Chinese Internet vigilantes have launched a hunt for a self-professed British bounder who has sparked outrage by blogging about his seduction of women in Shanghai. The campaign to uncover the identity of the blogger and have him kicked out of China is the latest in a series of online denunciations that have drawn comparisons with the humiliations inflicted by mobs during the Cultural Revolution.
Traffic on the Sex and Shanghai blog had surged from 500 hits to more than 17,000, thanks to a swarm of castration threats, anti-British rants and attacks on women who sleep with foreigners.

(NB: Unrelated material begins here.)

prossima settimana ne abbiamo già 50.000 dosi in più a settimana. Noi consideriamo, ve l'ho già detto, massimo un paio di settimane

However, a person responding to an e-mail to a contact address on the site said the authors were a group of performance artists who had fabricated its content as an investigation into online vigilante behavior.
authors surprised
"We did not anticipate quite the level of anger this would raise," said the message, which said the authors behind the cyber name "Chinabounder" included a British man, an Australian woman, two Chinese men and a Japanese woman.

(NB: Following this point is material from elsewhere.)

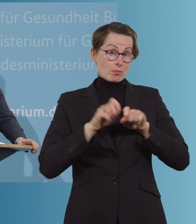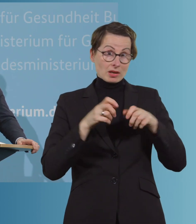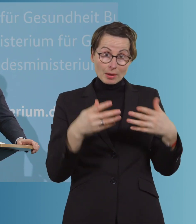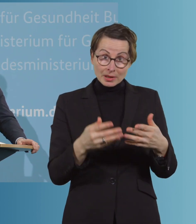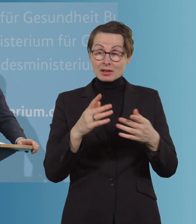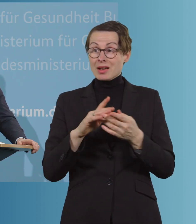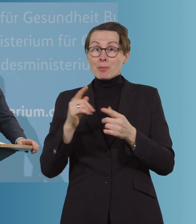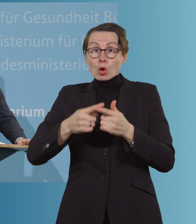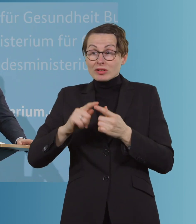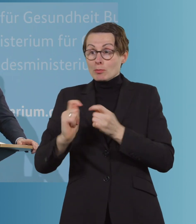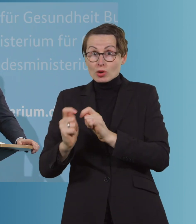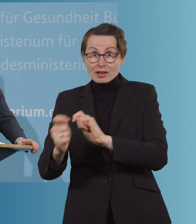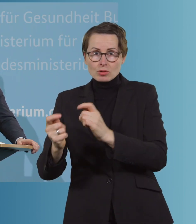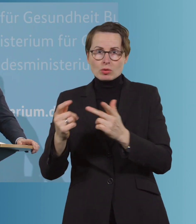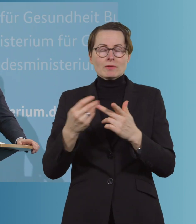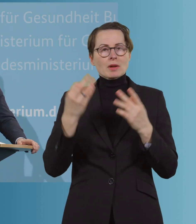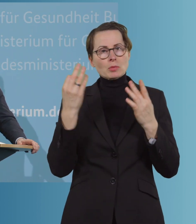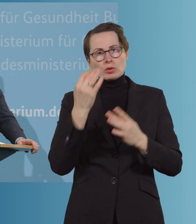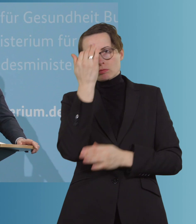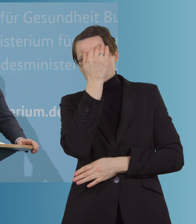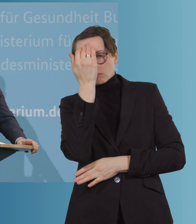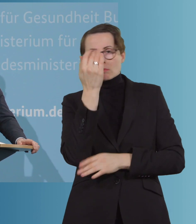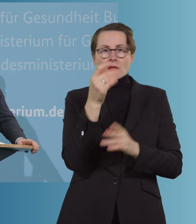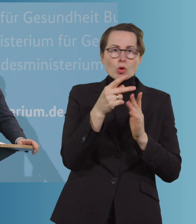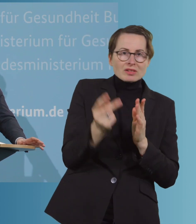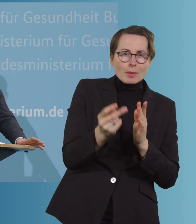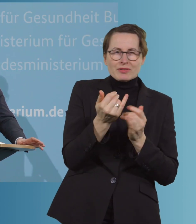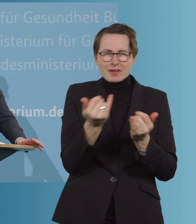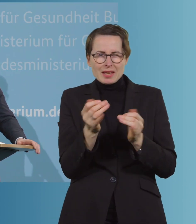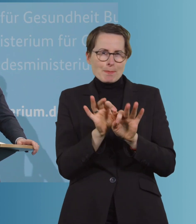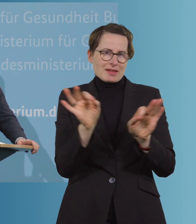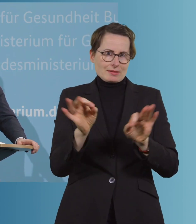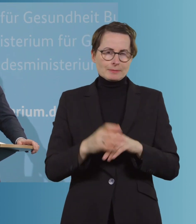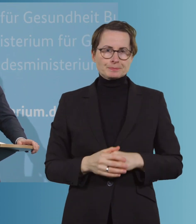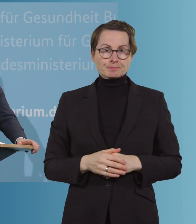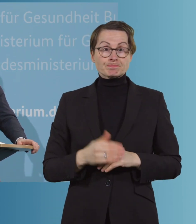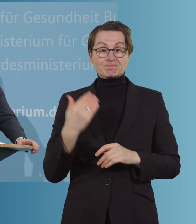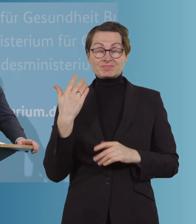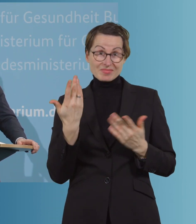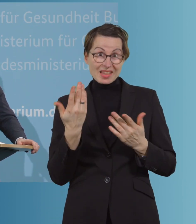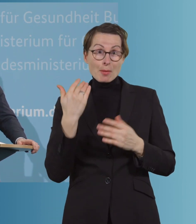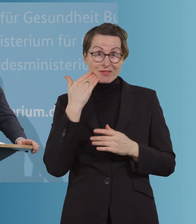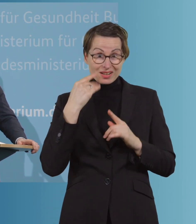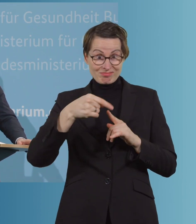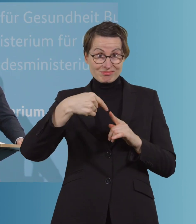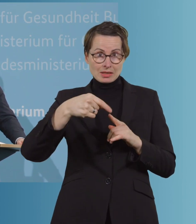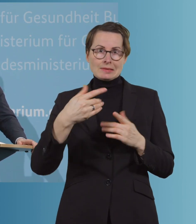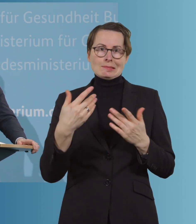unter bestmöglichen Konzepten, Schulung, Kita wieder starten lassen zu können. Wann? Das ist etwas, was wir jetzt eben bis zum

The message said the blog had been closed out of concern for the safety of the group's Chinese members and ordinary expatriates in Shanghai.
The English-language blog was inaccessible yesterday, but a cached page could still be read through the Google search engine.
Along with mildly lurid accounts of dates with Chinese women, it contained irreverent comments about Chinese society, and some on the controversy generated by the blog.
The campaign against the blog was launched on Friday by Zhang Jiehai, professor of psychology in the Shanghai Academy of Social Sciences under a post titled "The Internet Hunt for an Immoral Foreigner."
kicked out
"I have something to tell Chinese men: please think about how these foreign trash have dallied with your sisters and made fun of your impotence," he wrote. "This piece of human garbage must be found and kicked out of China!!!"
Encouraging "netizens and patriots" to investigate the people and the places mentioned in the blog, he set a goal of expelling "Chinabounder" by Oct. 1. More than 1,500 people are now visiting Zhang's site every hour.
Numerous reader postings on Zhang's blog supported his call for a manhunt, often in highly profane terms.
"This kind of garbage, chop his head off," wrote one who signed as "sanipuga."
"Pardon me, but I think these women are also garbage, national scum," said another, signed "Jiehuo."
"Trial by virtual lynching has become the norm in China's cyberspace community," Raymond Zhou wrote in a comment article in China Daily after previous mass campaigns.
He added: "Online flaming wars exist everywhere, facilitated by anonymity. But in China they may have a self-propelling force that sweeps thousands, sometimes millions, into a frenzy. It is nearly impossible, even for the most respected scholars, to give voice to dissension."